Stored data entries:
Content starts

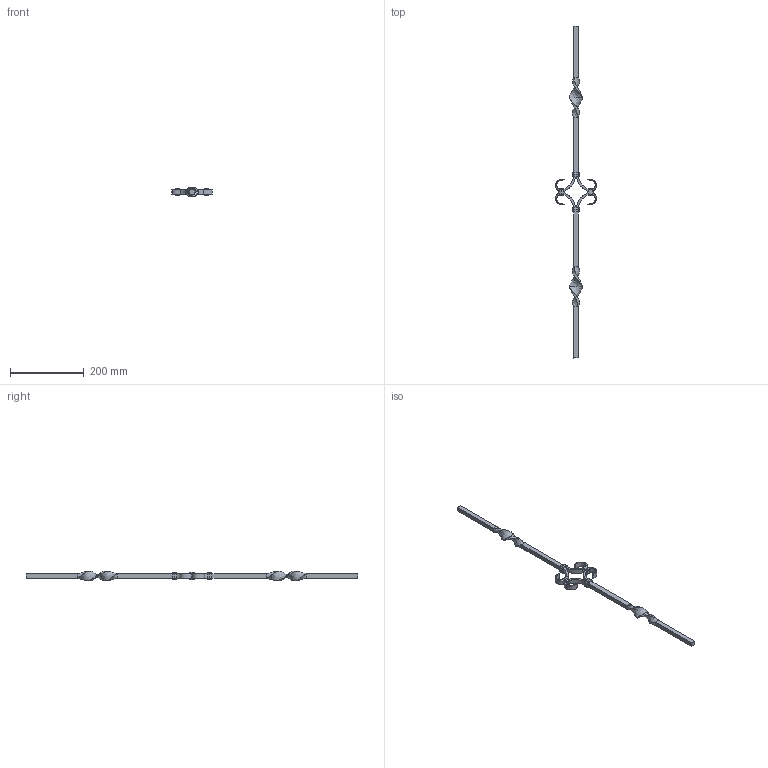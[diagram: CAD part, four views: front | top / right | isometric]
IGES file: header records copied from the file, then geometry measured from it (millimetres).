
Start section: SolidWorks IGES file using analytic representation for surfaces
Global section: file name: 1221.IGS; native system: SolidWorks 2018; preprocessor: SolidWorks 2018; author: Christian; date: 230619.094235; units: millimetre
Bounding box: 110.3 x 900 x 26.8 mm (x, y, z)
Surface area: 65454.6 mm2 (no closed solid volume)
Topology: 0 solids, 0 shells, 917 faces, 7259 edges, 7259 vertices
Faces by surface type: bspline 648, revolution 269

Content ends

_WORK ITEM_
Repeat the records above exactly. No pictures go into the repeat.

_RESPONSE TO THIS TASK_
[diagram: CAD part, four views: front | top / right | isometric]
IGES file: header records copied from the file, then geometry measured from it (millimetres).
Start section: SolidWorks IGES file using analytic representation for surfaces
Global section: file name: 1221.IGS; native system: SolidWorks 2018; preprocessor: SolidWorks 2018; author: Christian; date: 230619.094235; units: millimetre
Bounding box: 110.3 x 900 x 26.8 mm (x, y, z)
Surface area: 65454.6 mm2 (no closed solid volume)
Topology: 0 solids, 0 shells, 917 faces, 7259 edges, 7259 vertices
Faces by surface type: bspline 648, revolution 269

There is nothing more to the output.